FDIC working to bolster fund for more bank failures
WASHINGTON (Reuters) - Banking regulators are working aggressively to implement higher deposit insurance limits and to ensure that there will be sufficient reserves to cover losses from more bank failures, the chairman of the Federal Deposit Insurance Corp said on Monday.
"We're working hard to assure that our industry-funded reserves will be sufficient to cover projected losses from more bank failures," Sheila Bair said in remarks to a business economics conference. "The fund has decreased as a result of recent bank failures."
Bair said legislation passed last week that raised the deposit insurance limit to $250,000 per account from $100,000 "does not solve all of the problems in the industry" but will give depositors critically important confidence in the safety of their money.

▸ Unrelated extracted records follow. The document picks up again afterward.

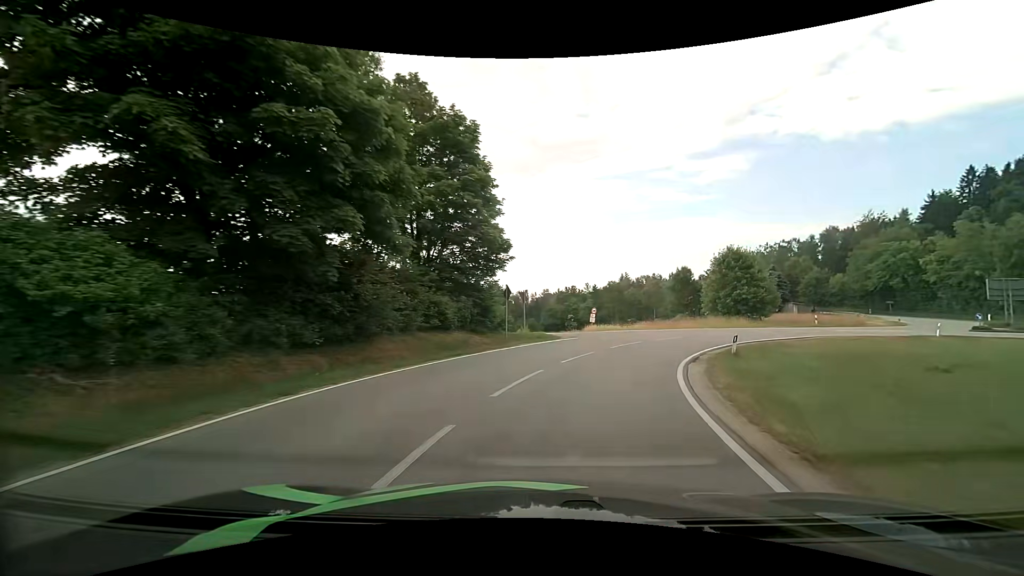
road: tertiary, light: Day
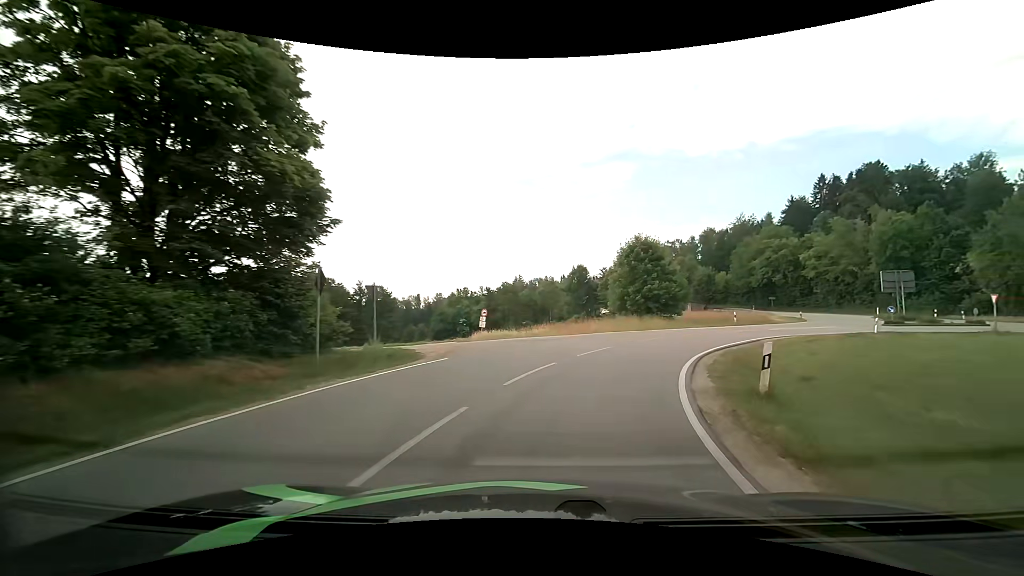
(+1.1, +10.7) m; +11°
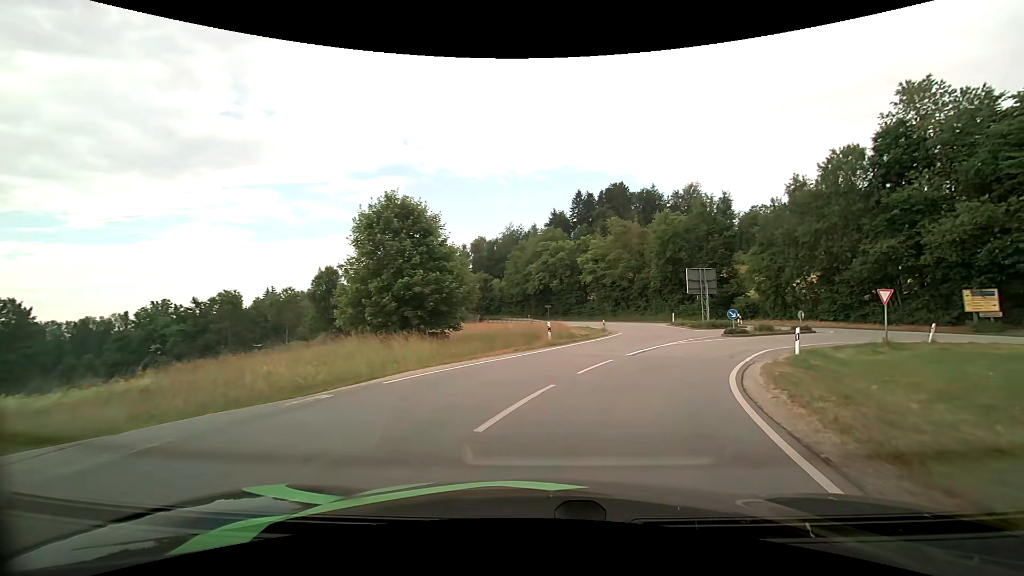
(+4.4, +20.6) m; +25°
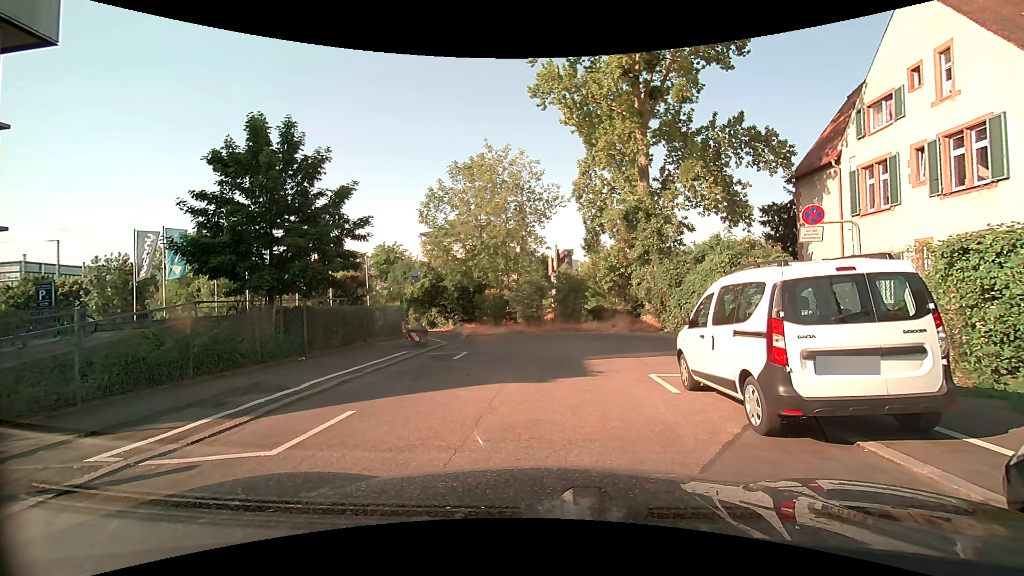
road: residential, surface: asphalt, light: Day
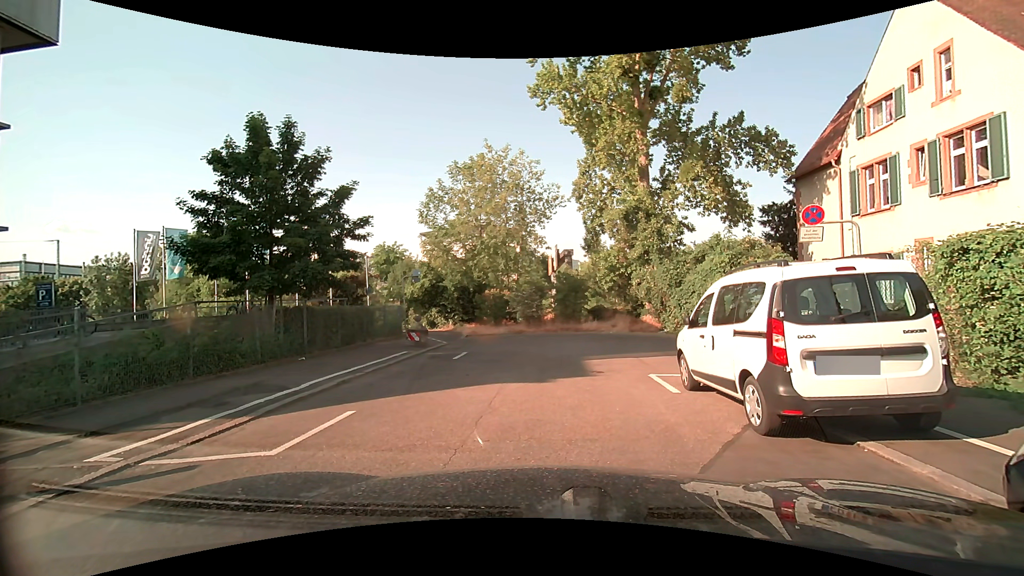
(0.0, 0.0) m; 0°
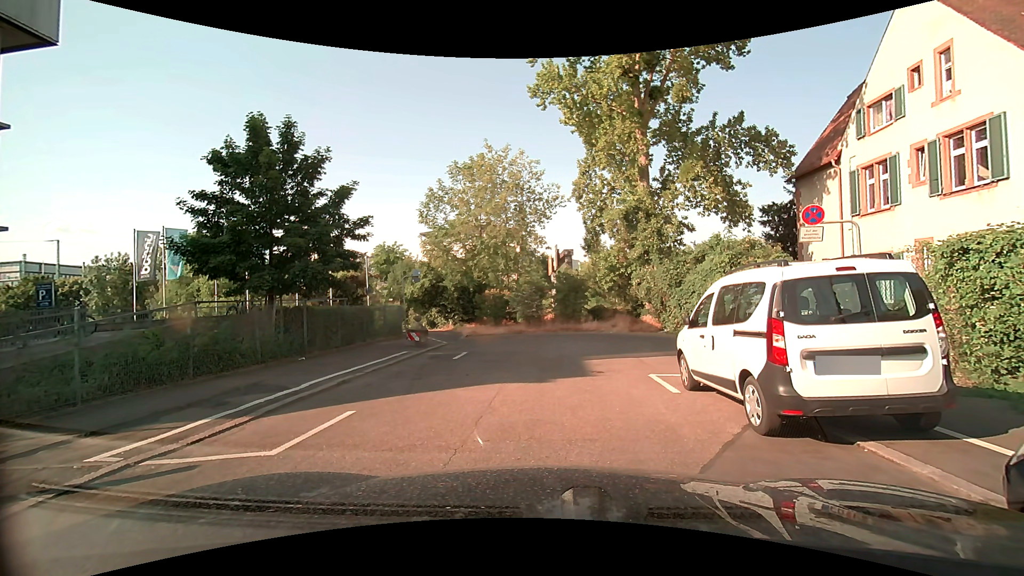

The temporary increase in deposit insurance was part of a $700 billion government plan to purchase soured mortgage-backed assets and unfreeze credit markets.
Regulators will carefully watch for any risks associated with raising the deposit insurance limits, especially if the guarantee encourages banks to engage in more risky lending, Bair said.
Bair also said the FDIC will on Tuesday consider an increase in insurance premiums that banks must pay, bolstering the deposit insurance fund which stands at some $45 billion.
The premium proposal shifts a greater share of any increase to banks that engage in more risky practices, such as accepting short-term "broker deposits."
Bair reiterated that the deposit insurance guarantee is absolute and that the FDIC has authority to borrow from the U.S. Treasury Department if it needs to.
She also laid out principles to guide mortgage finance reform. She said consumers must be protected from loans that are not affordable or too complex. Further, she said financial institutions need to restrain their leverage and not seek higher returns without proper regard for the associated risks.
Bair said the incentive structure needs to be revised so that mortgage originators and underwriters are not rewarded for actions that don't serve the long-term interests of borrowers and investors.
Lastly, she said banks need to not take liquidity for granted.
"At the end of the day, liquidity is only as stable as our institutional practices, and the public's confidence in those practices," Bair said.
She said tougher regulation is "absolutely needed" to enact these principles. "We especially need to plug the gaps that allowed regulatory arbitrage, which is one of the root causes of the explosion in subprime lending that triggered the housing meltdown," she said.
But she stressed that the financial system does not necessarily need more regulation, just smarter regulation.